> _Exercise_: The first line of the entries is where the copy starts and the line with "country: HU" is where it ends; set down each line exactly, both ends included, and drop pictures.

*** Data in this exercise Section Begins ***

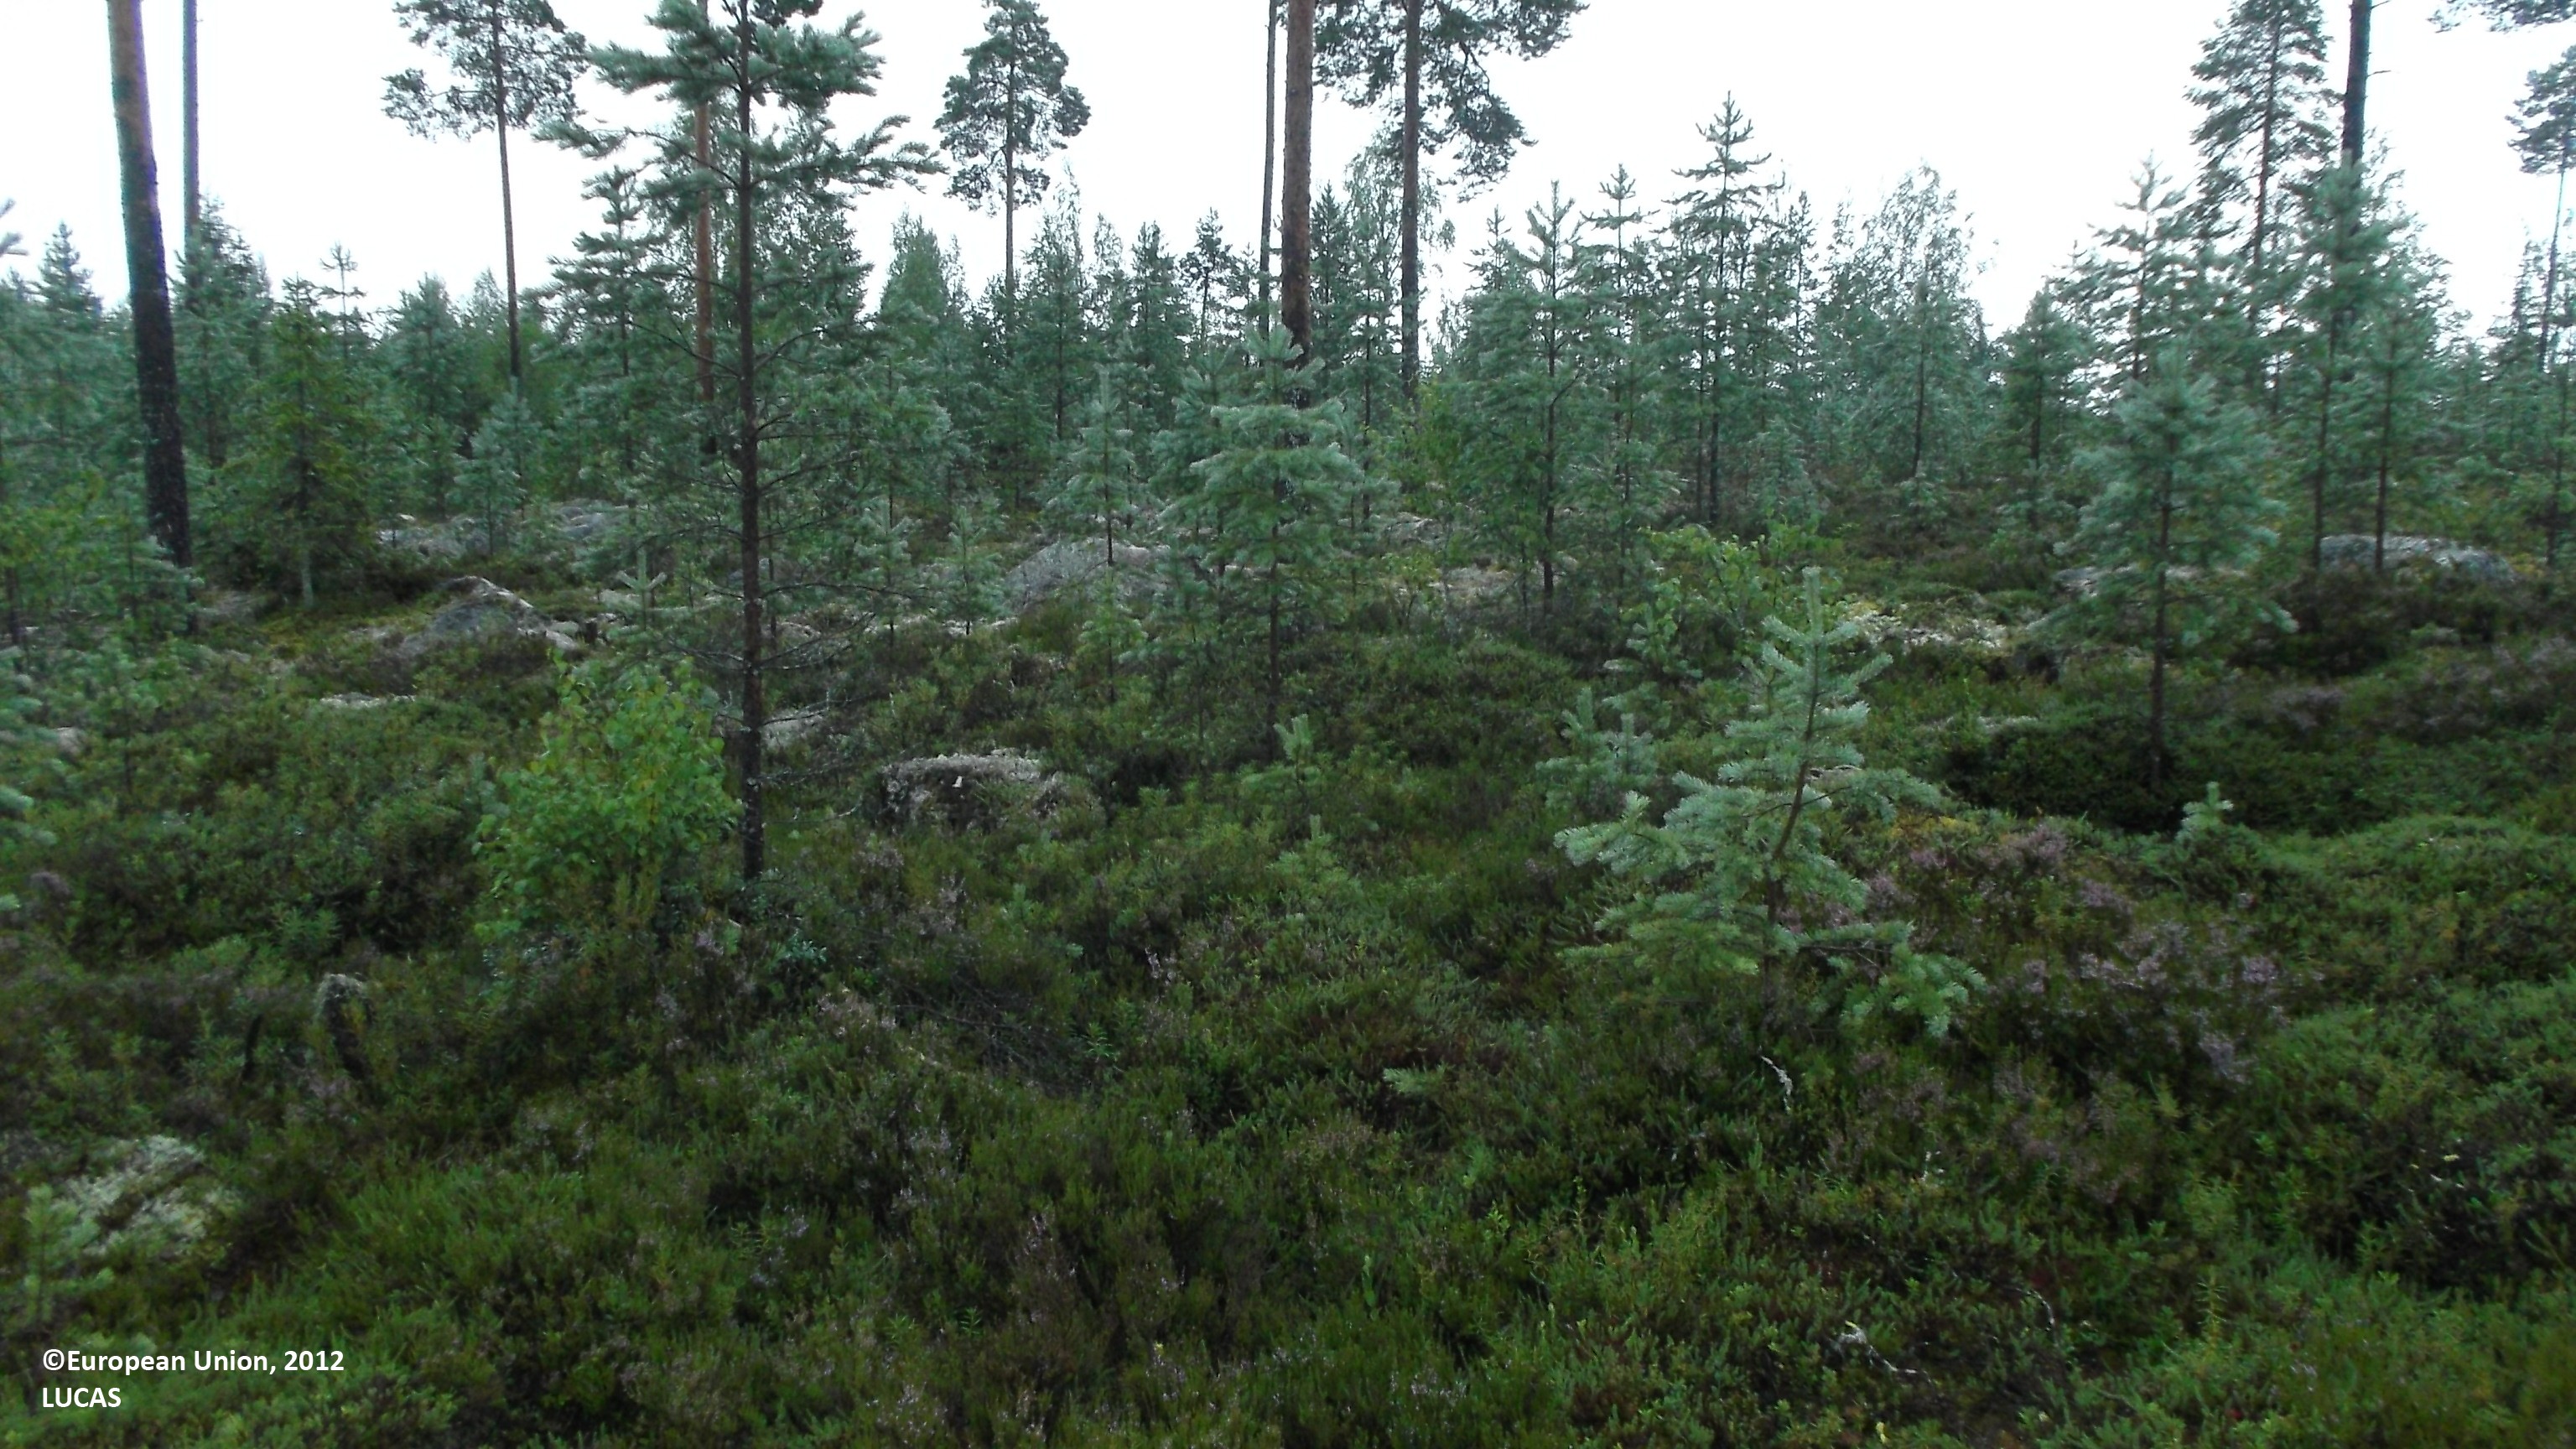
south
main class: Woodland
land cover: Pine dominated coniferous woodland
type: boreal forest
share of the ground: 10 - 25 %
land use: Forestry
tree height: < 5 m
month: August
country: FI
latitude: 63.2343
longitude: 23.8636
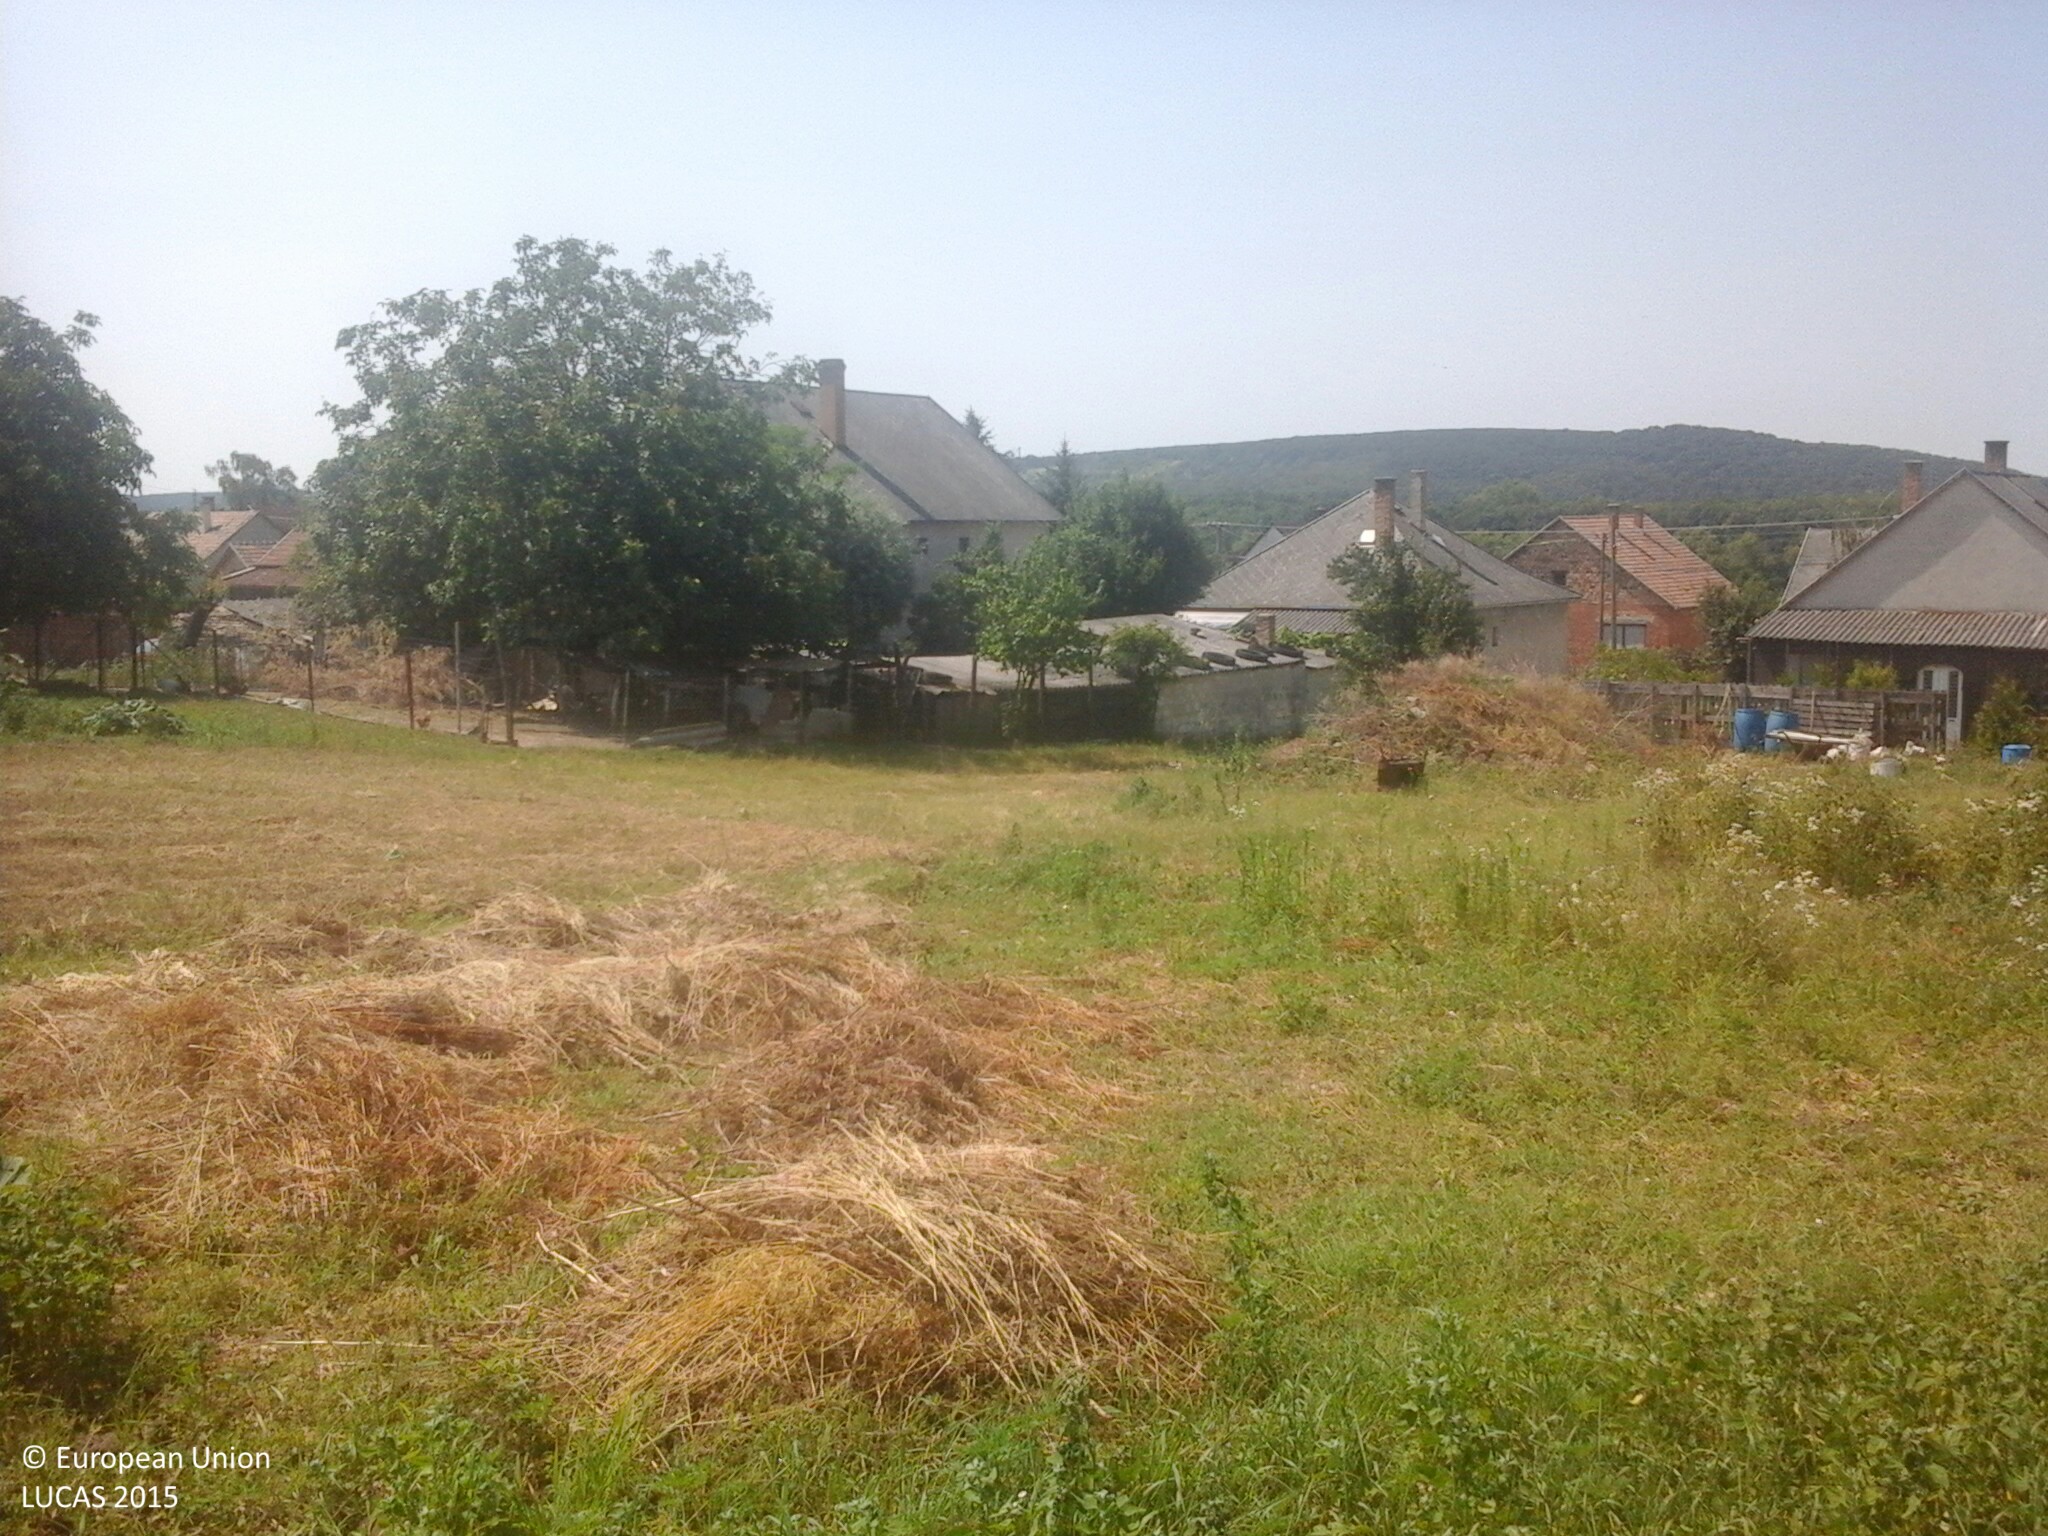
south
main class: Grassland
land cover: Spontaneously vegetated surfaces
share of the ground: > 75 %
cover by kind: herbaceous plants 100 %
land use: Agriculture (excluding fallow land and kitchen gardens)
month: July
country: HU
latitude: 47.4351
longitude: 18.5928

*** Data in this exercise Section Ends ***

> _Task answer_:
south
main class: Woodland
land cover: Pine dominated coniferous woodland
type: boreal forest
share of the ground: 10 - 25 %
land use: Forestry
tree height: < 5 m
month: August
country: FI
latitude: 63.2343
longitude: 23.8636
south
main class: Grassland
land cover: Spontaneously vegetated surfaces
share of the ground: > 75 %
cover by kind: herbaceous plants 100 %
land use: Agriculture (excluding fallow land and kitchen gardens)
month: July
country: HU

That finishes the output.